I've been wearing my Weight Watchers ActiveLink activity monitor for probably about three weeks now, if you count the initial "assessment" phase where you wear it and it just assesses where you're currently at. Well, I was at ZERO. I averaged no activity on a daily basis. Seriously. It was embarrassing. So my ActiveLink monitor set a goal for me to earn around 3 points per day (if you are, or have ever been a weight watcher, this makes perfect sense. If you've never done Weight Watchers, I can try to summarize by saying that a point is a value assigned to food - you get so many points to spend per day on food - and activity can earn you additional points to spend on food if you so choose).
The good news is that since I've started going into work, I can usually hit my target amount of activity with no problem. It's harder on the weekends, especially when I'm trying to blog and schedule posts and catch up on other blog reading! I just want to be a vegetable and sit on my butt all day! Ha ha!
The ActiveLink works kind of like a Wii controller to sense and record your activity throughout the day. It's waterproof, too! So I haven't tried it, but you could wear it swimming if you wanted... I keep my ActiveLink clipped on the inside of my shirt (cough*onmybra*cough) so you never even know that I have it on (unlike those bulky Body Bugg armbands I once considered investing in). You can also wear it on a necklace around your neck, or keep it in your pocket. It's pretty nifty and versatile that way. The ActiveLink is actually a small USB drive (see very top photo) that plugs into your computer and syncs with Weight Watchers online tools which is pretty damn awesome, too.
Here's a shot of what it looks like when you plug in your monitor.
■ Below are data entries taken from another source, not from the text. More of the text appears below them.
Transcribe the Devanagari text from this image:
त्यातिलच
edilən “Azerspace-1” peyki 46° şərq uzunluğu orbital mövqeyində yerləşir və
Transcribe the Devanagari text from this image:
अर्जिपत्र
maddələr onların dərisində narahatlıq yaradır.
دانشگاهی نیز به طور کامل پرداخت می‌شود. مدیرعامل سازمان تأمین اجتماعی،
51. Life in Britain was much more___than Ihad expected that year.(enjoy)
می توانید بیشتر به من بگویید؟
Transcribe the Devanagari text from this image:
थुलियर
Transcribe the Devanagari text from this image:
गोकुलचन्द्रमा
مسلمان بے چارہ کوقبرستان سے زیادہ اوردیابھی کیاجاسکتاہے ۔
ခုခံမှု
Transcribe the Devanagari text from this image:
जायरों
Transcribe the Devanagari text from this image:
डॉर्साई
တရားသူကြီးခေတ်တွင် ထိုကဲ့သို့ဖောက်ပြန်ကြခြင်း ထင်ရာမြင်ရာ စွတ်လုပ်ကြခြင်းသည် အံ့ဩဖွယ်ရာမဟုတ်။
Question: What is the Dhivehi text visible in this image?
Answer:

It's your own personal website! This is an overview of a whole day for me last week, hour by hour:
Oh! So I also promised an update... Two weeks ago, I was down 2.8 pounds - woot! Then last week I was down .4, almost a half a pound! So two weeks of losses in a row is great news. I've been making a really conscious effort to just move more. For example, I put my Diet Coke in the downstairs fridge. It works in two ways: first, I have to decide if I really want a Diet Coke, or if I should just have water. Secondly, if I decide that I do indeed want a Diet Coke, I have to trek my butt up and down the flight of stairs to get it.
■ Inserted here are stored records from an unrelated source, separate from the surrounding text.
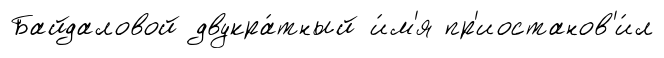
Байдаловой двукра́тный и́м'я пр'иостанов'и́л
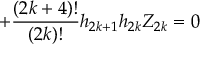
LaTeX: + \frac { ( 2 k + 4 ) ! } { ( 2 k ) ! } h _ { 2 k + 1 } h _ { 2 k } { \cal Z } _ { 2 k } = 0
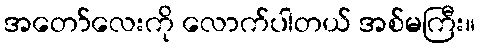
အတော်လေးကို လောက်ပါတယ် အစ်မကြီး။
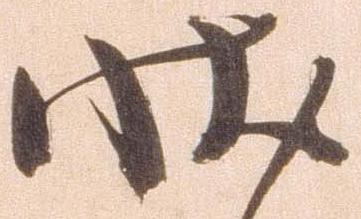
状
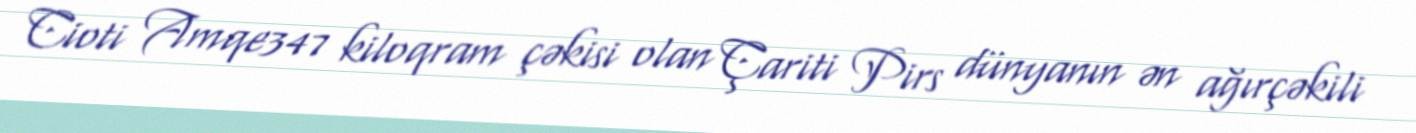
Cioti Amqe347 kiloqram çəkisi olan Çariti Pirs dünyanın ən ağırçəkili
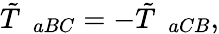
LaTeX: \tilde{T}_{\; \; aBC}=-\tilde{T}_{\; \; aCB},
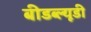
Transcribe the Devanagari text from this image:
बीडब्ल्यूडी
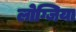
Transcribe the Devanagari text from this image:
लोग्जिया
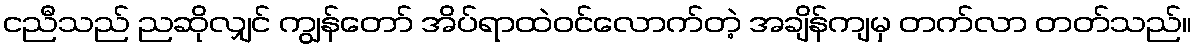
ငညီသည် ညဆိုလျှင် ကျွန်တော် အိပ်ရာထဲဝင်လောက်တဲ့ အချိန်ကျမှ တက်လာ တတ်သည်။
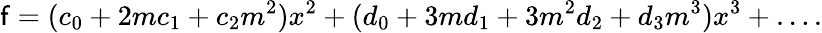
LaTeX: \mathsf{f}=(c_{0}+2mc_{1}+c_{2}m^{2})x^{2}+(d_{0}+3md_{1}+3m^{2}d_{2}+d_{3}m^{3})x^{3}+\dots.
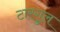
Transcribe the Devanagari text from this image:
टारगुल
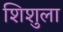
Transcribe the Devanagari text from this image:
शिशुला
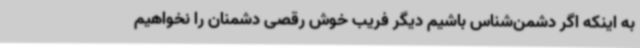
به اینکه اگر دشمن‌شناس باشیم دیگر فریب خوش رقصی دشمنان را نخواهیم
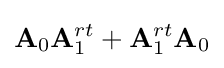
\mathbf {A} _{0}\mathbf {A} _{1}^{rt}+\mathbf {A} _{1}^{rt}\mathbf {A} _{0}
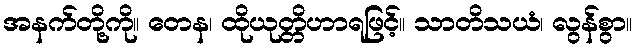
အနက်တို့ကို။ တေန၊ ထိုယုတ္တိဟာရဖြင့်။ သာတိသယံ၊ လွန်စွာ။
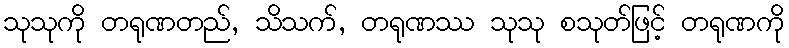
သုသုကို တရုဏတည်, သိသက်, တရုဏဿ သုသု စသုတ်ဖြင့် တရုဏကို
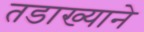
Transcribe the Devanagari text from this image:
तडाख्याने
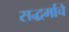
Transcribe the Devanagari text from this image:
सद्धर्माचे
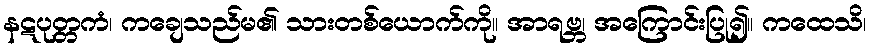
နဋပုတ္တကံ၊ ကချေသည်မ၏ သားတစ်ယောက်ကို။ အာရဗ္ဘ၊ အကြောင်းပြု၍။ ကထေသိ၊
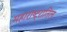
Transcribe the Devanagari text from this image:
महाराष्ट्रातिल
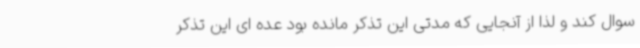
سوال کند و لذا از آنجایی که مدتی این تذکر مانده بود عده ای این تذکر
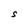
Character: S
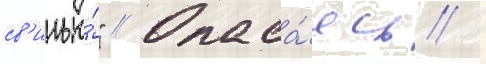
св'инью́" // Опаса́ясь /
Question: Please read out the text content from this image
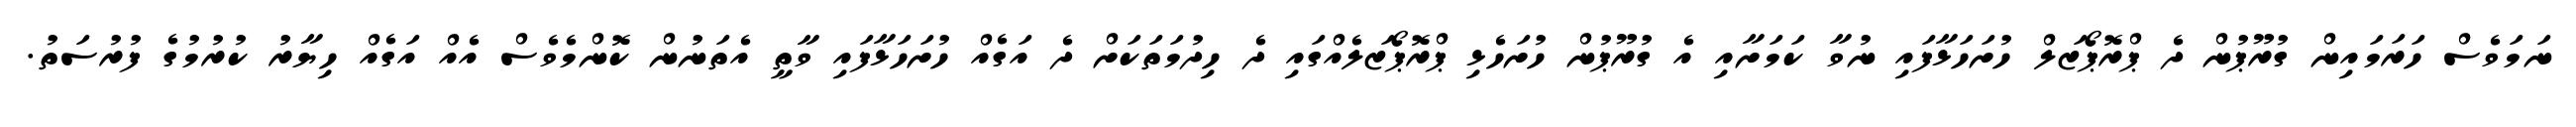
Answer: ނަމަވެސް ހަރަމައިން ގުރޫޕުން ދެ ޕްރޮޕޯޒަލް ހުށަހަޅާފައި ނުވާ ކަމަށާއި އެ ގުރޫޕުން ހުށަހެޅި ޕްރޮޕޯޒަލެއްގައި ދެ ހިދުމަތަކަށް ދެ އަގެއް ހުށަހަޅާފައި ވާތީ އެތަނުން ކޮންމެވެސް އެއް އަގެއް ހިޔާރު ކުރުމުގެ ފުރުސަތު.
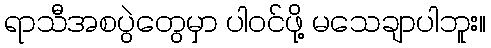
ရာသီအစပွဲတွေမှာ ပါဝင်ဖို့ မသေချာပါဘူး။
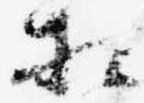
相
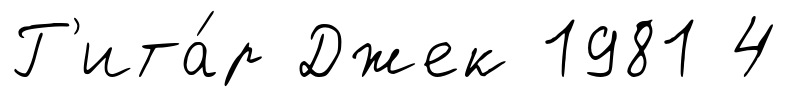
Г'ита́р Джек 1981 4
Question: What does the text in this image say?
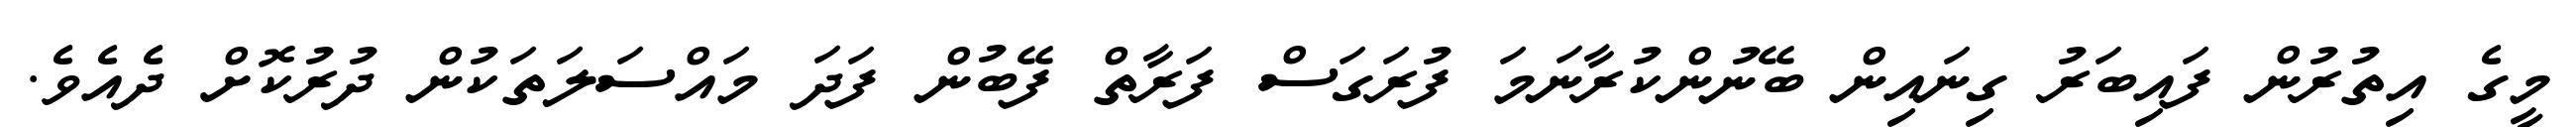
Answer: މީގެ އިތުރުން ފައިބަރު ގިނައިން ބޭނުންކުރާނަމަ ފުރަގަސް ފަރާތް ފޭބުން ފަދަ މައްސަލަތަކުން ދުރުކޮށް ދެއެވެ.
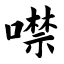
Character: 噤
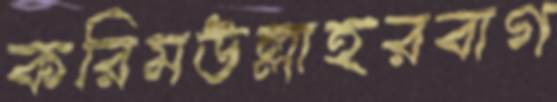
করিমউল্লাহরবাগ
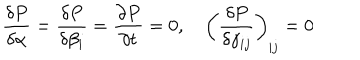
\frac { \delta P } { \delta \alpha } = \frac { \delta P } { \delta \beta _ { i } } = \frac { \partial P } { \partial t } = 0 , ~ \left( \frac { \delta P } { \delta \gamma _ { i j } } \right) _ { | j } = 0

Tiny changes add up. I'm worried about the stress of work and how it may make me overeat in the evenings and make me want to snack or drink... But the good news is that during the school year, it's easier to stick to healthier breakfast and lunch choices. So, I'm aware of these potential pitfalls and I just need to find myself some good coping/de-stressing strategies for those nights after a really rough work day.
Any suggestions? How do you chill out when you're overly stressed?